A group of British researchers studying the degenerative mechanisms characteristic of Alzheimer’s disease has observed a “vicious circle” in the accumulation of beta-amyloid protein, which could partly explain why many trials of drugs in charge of counteracting it have so far proved ineffective.
One of the recurrent traits in the brain affected by Alzheimer‘s is the accumulation of beta-amyloid protein plaques, disordered piles of a metabolic waste substance that surround and destroy the synapses, the nerve centers of communication between neurons. This process leads to cell death, brain atrophy and cognitive problems, including memory loss.
The nature of beta-amyloid and its role in the origin of the disease are not entirely clear: we are still asked, for example, whether it is the cause or symptom of this form of dementia; other studies attribute a protective role on neurons before uncontrolled proliferation.
In the new study, published in Translational Psychiatry, researchers found that when beta-amyloid aggregations destroy a synapse, nerve cells produce new amounts of the protein in response, thus putting new synapses at risk.
“We show that there is a vicious circle in which beta-amyloid stimulates its own production,” explains Richard Killick of the Institute of Psychiatry, Psychology & Neuroscience at King’s College London. “We believe that when this loop gets out of control it’s too late for drugs targeting beta-amyloid to be effective. This could explain why so many drug trials against Alzheimer’s have failed. ”

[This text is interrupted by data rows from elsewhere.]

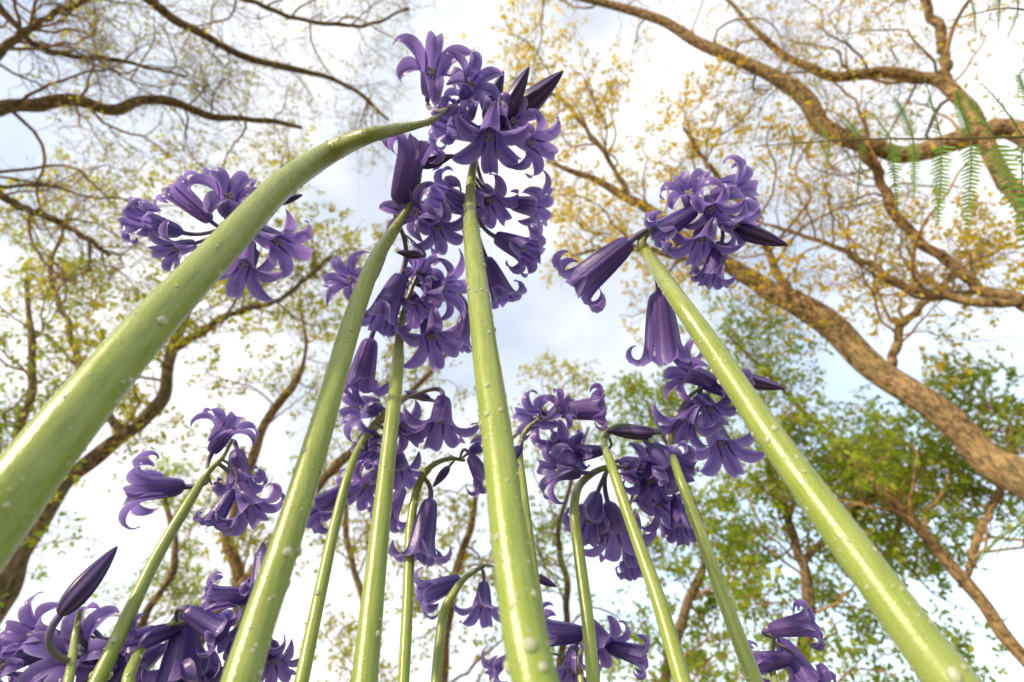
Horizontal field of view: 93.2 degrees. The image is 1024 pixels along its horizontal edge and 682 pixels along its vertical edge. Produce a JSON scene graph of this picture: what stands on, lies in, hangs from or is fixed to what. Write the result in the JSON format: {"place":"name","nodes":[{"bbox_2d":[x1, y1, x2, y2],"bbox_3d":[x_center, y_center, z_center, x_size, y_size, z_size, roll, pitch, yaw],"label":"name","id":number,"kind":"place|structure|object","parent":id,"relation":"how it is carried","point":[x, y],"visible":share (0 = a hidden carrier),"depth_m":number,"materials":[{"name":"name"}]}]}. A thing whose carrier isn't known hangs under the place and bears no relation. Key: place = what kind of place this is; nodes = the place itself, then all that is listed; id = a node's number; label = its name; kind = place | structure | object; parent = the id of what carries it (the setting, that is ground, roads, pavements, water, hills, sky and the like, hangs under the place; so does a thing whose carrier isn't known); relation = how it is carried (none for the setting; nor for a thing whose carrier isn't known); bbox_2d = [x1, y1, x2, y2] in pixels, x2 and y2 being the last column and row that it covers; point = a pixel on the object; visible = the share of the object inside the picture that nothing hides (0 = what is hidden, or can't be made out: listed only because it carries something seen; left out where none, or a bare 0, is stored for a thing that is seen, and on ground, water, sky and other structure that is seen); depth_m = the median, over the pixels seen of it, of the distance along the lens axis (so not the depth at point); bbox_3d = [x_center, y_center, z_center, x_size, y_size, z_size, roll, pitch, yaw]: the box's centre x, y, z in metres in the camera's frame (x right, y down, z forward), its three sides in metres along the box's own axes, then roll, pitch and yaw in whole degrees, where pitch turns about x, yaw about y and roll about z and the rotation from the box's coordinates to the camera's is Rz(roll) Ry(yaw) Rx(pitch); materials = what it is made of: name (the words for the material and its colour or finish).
{"place":"outdoors","nodes":[
{"label":"outdoors","id":0,"kind":"place"},
{"bbox_2d":[0,0,1023,681],"label":"sky","id":1,"kind":"structure","parent":0,"point":[558,320],"materials":[{"name":"white"}]},
{"bbox_3d":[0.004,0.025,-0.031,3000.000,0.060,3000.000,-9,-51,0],"label":"ground","id":2,"kind":"structure","parent":0,"visible":0},
{"bbox_2d":[0,230,132,630],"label":"oak tree","id":3,"kind":"object","parent":2,"relation":"on","point":[8,571],"visible":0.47,"depth_m":8.73,"materials":[{"name":"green plant"}]},
{"bbox_2d":[0,546,138,681],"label":"bluebell","id":4,"kind":"object","parent":2,"relation":"on","point":[71,649],"visible":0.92,"depth_m":0.16,"materials":[{"name":"purple plant"}]},
{"bbox_2d":[0,0,317,366],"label":"oak tree","id":5,"kind":"object","parent":2,"relation":"on","point":[26,103],"visible":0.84,"depth_m":9.30,"materials":[{"name":"brown plant"}]},
{"bbox_2d":[115,604,240,681],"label":"bluebell","id":6,"kind":"object","parent":2,"relation":"on","point":[187,657],"visible":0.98,"depth_m":0.17,"materials":[{"name":"purple plant"}]},
{"bbox_2d":[88,407,284,681],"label":"bluebell","id":7,"kind":"object","parent":2,"relation":"on","point":[241,488],"visible":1,"depth_m":0.21,"materials":[{"name":"purple plant"}]},
{"bbox_2d":[0,112,412,624],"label":"oak tree","id":8,"kind":"object","parent":2,"relation":"on","point":[123,432],"visible":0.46,"depth_m":10.44,"materials":[{"name":"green plant"}]},
{"bbox_2d":[118,167,313,301],"bbox_3d":[-0.196,0.034,0.123,0.244,0.278,0.072,-9,-51,0],"label":"bluebell","id":9,"kind":"object","parent":2,"relation":"on","point":[227,197],"visible":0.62,"depth_m":0.20,"materials":[{"name":"purple plant"}]},
{"bbox_2d":[0,0,447,184],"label":"oak tree","id":10,"kind":"object","parent":2,"relation":"on","point":[166,13],"visible":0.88,"depth_m":9.94,"materials":[{"name":"brown plant"}]},
{"bbox_2d":[199,542,300,681],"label":"bluebell","id":11,"kind":"object","parent":2,"relation":"on","point":[278,662],"visible":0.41,"depth_m":0.18,"materials":[{"name":"purple plant"}]},
{"bbox_2d":[0,30,503,572],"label":"bluebell","id":12,"kind":"object","parent":2,"relation":"on","point":[42,452],"visible":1,"depth_m":0.12,"materials":[{"name":"green plant"}]},
{"bbox_2d":[159,264,476,646],"bbox_3d":[-3.842,3.657,10.415,7.922,13.062,6.270,-9,-51,0],"label":"oak tree","id":13,"kind":"object","parent":2,"relation":"on","point":[231,552],"visible":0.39,"depth_m":11.92,"materials":[{"name":"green plant"}]},
{"bbox_2d":[220,133,463,681],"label":"bluebell","id":14,"kind":"object","parent":2,"relation":"on","point":[417,215],"visible":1,"depth_m":0.16,"materials":[{"name":"green plant"}]},
{"bbox_2d":[83,370,676,673],"bbox_3d":[-3.257,7.602,12.920,15.826,11.853,8.223,-5,-51,-4],"label":"oak tree","id":15,"kind":"object","parent":2,"relation":"on","point":[171,573],"visible":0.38,"depth_m":13.47,"materials":[{"name":"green plant"}]},
{"bbox_2d":[294,377,479,681],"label":"bluebell","id":16,"kind":"object","parent":2,"relation":"on","point":[437,427],"visible":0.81,"depth_m":0.23,"materials":[{"name":"purple plant"}]},
{"bbox_2d":[345,247,471,681],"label":"bluebell","id":17,"kind":"object","parent":2,"relation":"on","point":[433,341],"visible":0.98,"depth_m":0.23,"materials":[{"name":"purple plant"}]},
{"bbox_2d":[388,422,485,681],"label":"bluebell","id":18,"kind":"object","parent":2,"relation":"on","point":[420,535],"visible":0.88,"depth_m":0.22,"materials":[{"name":"purple plant"}]},
{"bbox_2d":[297,347,604,681],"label":"oak tree","id":19,"kind":"object","parent":2,"relation":"on","point":[463,555],"visible":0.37,"depth_m":13.30,"materials":[{"name":"brown plant"}]},
{"bbox_2d":[414,564,556,681],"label":"bluebell","id":20,"kind":"object","parent":2,"relation":"on","point":[482,609],"visible":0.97,"depth_m":0.25,"materials":[{"name":"purple plant"}]},
{"bbox_2d":[423,67,563,681],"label":"bluebell","id":21,"kind":"object","parent":2,"relation":"on","point":[495,134],"visible":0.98,"depth_m":0.21,"materials":[{"name":"green plant"}]},
{"bbox_2d":[512,383,607,629],"bbox_3d":[0.078,0.158,0.215,0.164,0.212,0.235,-9,-51,0],"label":"bluebell","id":22,"kind":"object","parent":2,"relation":"on","point":[534,419],"visible":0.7,"depth_m":0.22,"materials":[{"name":"purple plant"}]},
{"bbox_2d":[480,601,650,681],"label":"bluebell","id":23,"kind":"object","parent":2,"relation":"on","point":[613,643],"visible":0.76,"depth_m":0.23,"materials":[{"name":"purple plant"}]},
{"bbox_2d":[536,438,696,681],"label":"bluebell","id":24,"kind":"object","parent":2,"relation":"on","point":[593,520],"visible":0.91,"depth_m":0.22,"materials":[{"name":"purple plant"}]},
{"bbox_2d":[570,423,697,681],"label":"bluebell","id":25,"kind":"object","parent":2,"relation":"on","point":[657,472],"visible":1,"depth_m":0.20,"materials":[{"name":"green plant"}]},
{"bbox_2d":[588,364,784,681],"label":"oak tree","id":26,"kind":"object","parent":2,"relation":"on","point":[694,592],"visible":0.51,"depth_m":10.93,"materials":[{"name":"green plant"}]},
{"bbox_2d":[652,338,784,681],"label":"bluebell","id":27,"kind":"object","parent":2,"relation":"on","point":[723,448],"visible":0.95,"depth_m":0.23,"materials":[{"name":"purple plant"}]},
{"bbox_2d":[456,0,1023,501],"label":"oak tree","id":28,"kind":"object","parent":2,"relation":"on","point":[976,446],"visible":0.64,"depth_m":9.80,"materials":[{"name":"brown plant"}]},
{"bbox_2d":[499,0,1023,342],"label":"oak tree","id":29,"kind":"object","parent":2,"relation":"on","point":[804,97],"visible":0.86,"depth_m":8.78,"materials":[{"name":"brown plant"}]},
{"bbox_2d":[551,155,980,681],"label":"bluebell","id":30,"kind":"object","parent":2,"relation":"on","point":[928,651],"visible":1,"depth_m":0.16,"materials":[{"name":"green plant"}]},
{"bbox_2d":[748,599,836,681],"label":"bluebell","id":31,"kind":"object","parent":2,"relation":"on","point":[790,658],"visible":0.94,"depth_m":0.20,"materials":[{"name":"purple plant"}]},
{"bbox_2d":[678,285,1023,667],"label":"oak tree","id":32,"kind":"object","parent":2,"relation":"on","point":[974,592],"visible":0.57,"depth_m":9.21,"materials":[{"name":"green plant"}]},
{"bbox_2d":[683,374,1020,681],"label":"oak tree","id":33,"kind":"object","parent":2,"relation":"on","point":[787,509],"visible":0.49,"depth_m":9.71,"materials":[{"name":"green plant"}]},
{"bbox_2d":[767,410,1009,681],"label":"oak tree","id":34,"kind":"object","parent":2,"relation":"on","point":[796,582],"visible":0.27,"depth_m":10.75,"materials":[{"name":"green plant"}]},
{"bbox_2d":[754,0,1023,246],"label":"bracken fern","id":35,"kind":"object","parent":2,"relation":"on","point":[959,108],"visible":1,"depth_m":0.48,"materials":[{"name":"green plant"}]},
{"bbox_2d":[964,509,1023,566],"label":"bracken fern","id":36,"kind":"object","parent":2,"relation":"on","point":[1003,534],"visible":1,"depth_m":0.51,"materials":[{"name":"green plant"}]}
]}

ADJUST THE OBSTACLE. Among the main actors in this vicious circle is a protein well known to those who study Alzheimer’s disease: it is called Dkk1 and is a powerful stimulator of beta-amyloid production. Its concentration in the brain increases with age. According to the researchers, this protein could be a better pharmaceutical target than true amyloid plaques. Targeting it could help undermine the newly identified continuous mechanism of toxic protein production.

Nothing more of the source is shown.